Data Governance, Data Liquidity and the Data Chain of Trust


How the right data governance model can help healthcare organizations meet the demands of digital transformation

By Randy Thomas, FHIMSS
Senior Director, Value-based Consulting

Value-based care. Population health management. Digital health. Healthcare consumerism. Promoting interoperability. All these evolving healthcare opportunities require consistent, accurate, reliable data. While the quantity of data created in healthcare continues to grow–fueled by the ubiquitous adoption of EHRs–many organizations do not yet have a pragmatic, robust, enterprise-wide approach to ensuring their data is “in shape.” This is where data governance enters the scene.

Organizations must be confident that the data used to provide patient care, improve performance, negotiate contracts and inform decision-making across the organization is reliable and accurate. Data governance provides the structure and process to ensure the needed reliability and accuracy to promote interoperability and data exchange.

Data needs to be appropriately used and accurate for its purpose, and it should also flow quickly and easily for optimum use (i.e., is “liquid”). The data chain of trust flowing from source to target needs to be clear and well documented, so the resulting integrated view can be considered reliable to support reporting, measurement and analytics. Enabling this data liquidity requires hands-on governance to establish and maintain data sources, definitions and uses.

A cross-functional data governance structure and process can help organizations create that chain of trust and harness the value of their data assets. But be aware—data governance is not an information technology (IT) function nor is it a department in the organizational hierarchy. Rather, data governance brings together the key stakeholders from quality, finance, administration, IT and others to make decisions on how data should be captured, standardized, used and secured.

The data governance discipline is responsible for maintaining documentation, by data element, of which systems capture the data. It makes decisions on how to rationalize inconsistencies in data that is allegedly the same. It governs how the data can be used to ensure appropriate access, security and patient privacy. And if necessary data is not captured in the way that is usable (or not captured at all), it identifies the need for potential changes in workflow and system implementation and engages the right stakeholders to effect the required modifications.

Even though the purpose of data governance is always the same, the formal structure of each data governance implementation should be aligned with each organization’s guiding principles, decision, style and culture.
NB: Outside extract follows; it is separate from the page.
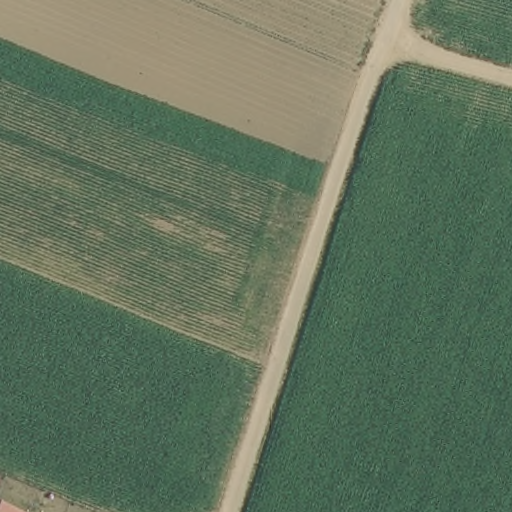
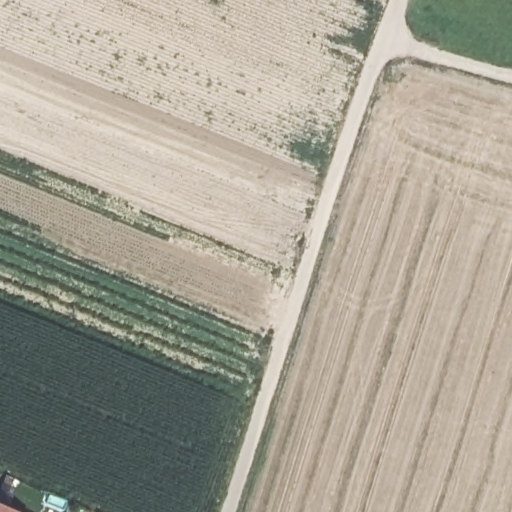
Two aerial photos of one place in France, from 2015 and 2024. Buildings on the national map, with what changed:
unchanged [(17,512),(0,512),(0,505),(17,512)]

The complex and diverse environment of most healthcare organizations necessitates a multi-tiered, multi-discipline approach to a governance structure regardless of which model is selected. A standing, hierarchical governance model that governs data as well as business intelligence activities is often the preferred alternative.

This structure appropriately distributes the decision-making and provides the opportunity for broad participation across an organization. Frequently, existing governance groups can be leveraged to help ensure participation and avoid increased meeting burden on executives.

When initializing a data governance process, organizations should focus on a specific issue–such as understanding the data that underlies the quality measures used in value-based contracting. Identifying and defining this initial data set adds immediate value (i.e., ensuring accurate metrics) and establishes the foundation of data governance practices that can scale to encompass additional areas of focus, additional data sets.

Data is a valuable enterprise asset. Accurate data doesn’t just happen. It’s the result of a pragmatic data governance program with enterprise-wide participation.